**RECORDS PROVIDED**
++++++++++++++++++++

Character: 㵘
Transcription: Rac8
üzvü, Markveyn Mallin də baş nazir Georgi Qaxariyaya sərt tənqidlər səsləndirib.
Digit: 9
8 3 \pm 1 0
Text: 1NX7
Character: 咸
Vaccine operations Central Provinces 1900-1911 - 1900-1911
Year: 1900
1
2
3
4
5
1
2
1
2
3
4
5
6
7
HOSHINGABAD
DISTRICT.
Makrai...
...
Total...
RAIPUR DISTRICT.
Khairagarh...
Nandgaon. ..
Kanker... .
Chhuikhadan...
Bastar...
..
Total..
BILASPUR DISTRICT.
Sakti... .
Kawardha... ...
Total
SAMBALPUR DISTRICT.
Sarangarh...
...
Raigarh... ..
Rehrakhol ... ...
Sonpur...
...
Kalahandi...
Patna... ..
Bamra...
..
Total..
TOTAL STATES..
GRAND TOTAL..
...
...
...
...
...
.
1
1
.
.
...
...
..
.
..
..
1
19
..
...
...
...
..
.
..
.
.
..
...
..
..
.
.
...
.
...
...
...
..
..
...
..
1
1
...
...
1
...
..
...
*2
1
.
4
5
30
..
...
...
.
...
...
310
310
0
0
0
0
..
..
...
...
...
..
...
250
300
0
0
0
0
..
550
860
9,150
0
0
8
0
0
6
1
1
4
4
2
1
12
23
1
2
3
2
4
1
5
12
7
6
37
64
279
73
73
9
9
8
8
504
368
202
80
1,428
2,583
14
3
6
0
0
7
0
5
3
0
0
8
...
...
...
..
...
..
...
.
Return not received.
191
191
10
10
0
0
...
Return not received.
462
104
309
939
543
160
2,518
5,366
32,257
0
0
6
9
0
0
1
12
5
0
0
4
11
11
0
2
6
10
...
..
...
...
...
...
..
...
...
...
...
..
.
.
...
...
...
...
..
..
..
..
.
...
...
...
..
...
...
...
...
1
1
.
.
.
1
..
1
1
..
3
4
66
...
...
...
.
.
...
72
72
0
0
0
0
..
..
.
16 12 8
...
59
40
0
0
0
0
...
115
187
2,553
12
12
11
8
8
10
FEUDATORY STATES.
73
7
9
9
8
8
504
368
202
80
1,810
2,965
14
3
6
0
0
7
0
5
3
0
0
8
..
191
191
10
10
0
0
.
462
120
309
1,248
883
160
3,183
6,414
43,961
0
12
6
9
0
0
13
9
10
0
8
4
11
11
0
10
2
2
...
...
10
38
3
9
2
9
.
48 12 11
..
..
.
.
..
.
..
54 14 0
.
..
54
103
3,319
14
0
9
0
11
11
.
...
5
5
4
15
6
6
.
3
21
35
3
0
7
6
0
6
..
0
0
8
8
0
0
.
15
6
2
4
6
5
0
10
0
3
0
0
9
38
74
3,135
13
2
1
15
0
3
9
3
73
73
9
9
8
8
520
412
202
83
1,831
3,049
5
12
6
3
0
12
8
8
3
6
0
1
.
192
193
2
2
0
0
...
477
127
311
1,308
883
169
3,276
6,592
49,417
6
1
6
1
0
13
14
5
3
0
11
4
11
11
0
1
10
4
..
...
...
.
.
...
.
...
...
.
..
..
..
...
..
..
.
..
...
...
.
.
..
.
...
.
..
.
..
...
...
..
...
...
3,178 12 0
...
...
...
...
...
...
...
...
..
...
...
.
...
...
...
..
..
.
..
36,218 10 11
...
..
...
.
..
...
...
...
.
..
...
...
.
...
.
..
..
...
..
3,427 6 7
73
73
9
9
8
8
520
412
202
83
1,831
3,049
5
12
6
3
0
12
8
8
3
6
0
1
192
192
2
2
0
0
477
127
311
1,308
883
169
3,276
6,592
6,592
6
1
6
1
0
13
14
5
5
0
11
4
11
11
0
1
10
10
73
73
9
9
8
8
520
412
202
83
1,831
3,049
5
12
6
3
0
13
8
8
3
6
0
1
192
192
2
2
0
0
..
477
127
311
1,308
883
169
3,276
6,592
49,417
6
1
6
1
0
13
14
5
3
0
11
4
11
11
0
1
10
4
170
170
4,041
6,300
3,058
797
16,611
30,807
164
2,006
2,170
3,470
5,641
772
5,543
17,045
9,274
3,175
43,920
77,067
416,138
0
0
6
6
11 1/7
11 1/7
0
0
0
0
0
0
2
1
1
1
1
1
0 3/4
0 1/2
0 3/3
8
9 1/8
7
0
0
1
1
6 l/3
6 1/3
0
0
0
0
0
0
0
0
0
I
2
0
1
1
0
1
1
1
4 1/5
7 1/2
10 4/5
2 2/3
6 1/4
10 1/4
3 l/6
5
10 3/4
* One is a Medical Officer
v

++++++++++++++++++++

**AIM OF THE TASK**
Using the material above, please reproduce each line exactly.

**SOLUTION TO THIS TASK**
Character: 㵘
Transcription: Rac8
üzvü, Markveyn Mallin də baş nazir Georgi Qaxariyaya sərt tənqidlər səsləndirib.
Digit: 9
8 3 \pm 1 0
Text: 1NX7
Character: 咸
Vaccine operations Central Provinces 1900-1911 - 1900-1911
Year: 1900
1
2
3
4
5
1
2
1
2
3
4
5
6
7
HOSHINGABAD
DISTRICT.
Makrai...
...
Total...
RAIPUR DISTRICT.
Khairagarh...
Nandgaon. ..
Kanker... .
Chhuikhadan...
Bastar...
..
Total..
BILASPUR DISTRICT.
Sakti... .
Kawardha... ...
Total
SAMBALPUR DISTRICT.
Sarangarh...
...
Raigarh... ..
Rehrakhol ... ...
Sonpur...
...
Kalahandi...
Patna... ..
Bamra...
..
Total..
TOTAL STATES..
GRAND TOTAL..
...
...
...
...
...
.
1
1
.
.
...
...
..
.
..
..
1
19
..
...
...
...
..
.
..
.
.
..
...
..
..
.
.
...
.
...
...
...
..
..
...
..
1
1
...
...
1
...
..
...
*2
1
.
4
5
30
..
...
...
.
...
...
310
310
0
0
0
0
..
..
...
...
...
..
...
250
300
0
0
0
0
..
550
860
9,150
0
0
8
0
0
6
1
1
4
4
2
1
12
23
1
2
3
2
4
1
5
12
7
6
37
64
279
73
73
9
9
8
8
504
368
202
80
1,428
2,583
14
3
6
0
0
7
0
5
3
0
0
8
...
...
...
..
...
..
...
.
Return not received.
191
191
10
10
0
0
...
Return not received.
462
104
309
939
543
160
2,518
5,366
32,257
0
0
6
9
0
0
1
12
5
0
0
4
11
11
0
2
6
10
...
..
...
...
...
...
..
...
...
...
...
..
.
.
...
...
...
...
..
..
..
..
.
...
...
...
..
...
...
...
...
1
1
.
.
.
1
..
1
1
..
3
4
66
...
...
...
.
.
...
72
72
0
0
0
0
..
..
.
16 12 8
...
59
40
0
0
0
0
...
115
187
2,553
12
12
11
8
8
10
FEUDATORY STATES.
73
7
9
9
8
8
504
368
202
80
1,810
2,965
14
3
6
0
0
7
0
5
3
0
0
8
..
191
191
10
10
0
0
.
462
120
309
1,248
883
160
3,183
6,414
43,961
0
12
6
9
0
0
13
9
10
0
8
4
11
11
0
10
2
2
...
...
10
38
3
9
2
9
.
48 12 11
..
..
.
.
..
.
..
54 14 0
.
..
54
103
3,319
14
0
9
0
11
11
.
...
5
5
4
15
6
6
.
3
21
35
3
0
7
6
0
6
..
0
0
8
8
0
0
.
15
6
2
4
6
5
0
10
0
3
0
0
9
38
74
3,135
13
2
1
15
0
3
9
3
73
73
9
9
8
8
520
412
202
83
1,831
3,049
5
12
6
3
0
12
8
8
3
6
0
1
.
192
193
2
2
0
0
...
477
127
311
1,308
883
169
3,276
6,592
49,417
6
1
6
1
0
13
14
5
3
0
11
4
11
11
0
1
10
4
..
...
...
.
.
...
.
...
...
.
..
..
..
...
..
..
.
..
...
...
.
.
..
.
...
.
..
.
..
...
...
..
...
...
3,178 12 0
...
...
...
...
...
...
...
...
..
...
...
.
...
...
...
..
..
.
..
36,218 10 11
...
..
...
.
..
...
...
...
.
..
...
...
.
...
.
..
..
...
..
3,427 6 7
73
73
9
9
8
8
520
412
202
83
1,831
3,049
5
12
6
3
0
12
8
8
3
6
0
1
192
192
2
2
0
0
477
127
311
1,308
883
169
3,276
6,592
6,592
6
1
6
1
0
13
14
5
5
0
11
4
11
11
0
1
10
10
73
73
9
9
8
8
520
412
202
83
1,831
3,049
5
12
6
3
0
13
8
8
3
6
0
1
192
192
2
2
0
0
..
477
127
311
1,308
883
169
3,276
6,592
49,417
6
1
6
1
0
13
14
5
3
0
11
4
11
11
0
1
10
4
170
170
4,041
6,300
3,058
797
16,611
30,807
164
2,006
2,170
3,470
5,641
772
5,543
17,045
9,274
3,175
43,920
77,067
416,138
0
0
6
6
11 1/7
11 1/7
0
0
0
0
0
0
2
1
1
1
1
1
0 3/4
0 1/2
0 3/3
8
9 1/8
7
0
0
1
1
6 l/3
6 1/3
0
0
0
0
0
0
0
0
0
I
2
0
1
1
0
1
1
1
4 1/5
7 1/2
10 4/5
2 2/3
6 1/4
10 1/4
3 l/6
5
10 3/4
* One is a Medical Officer
v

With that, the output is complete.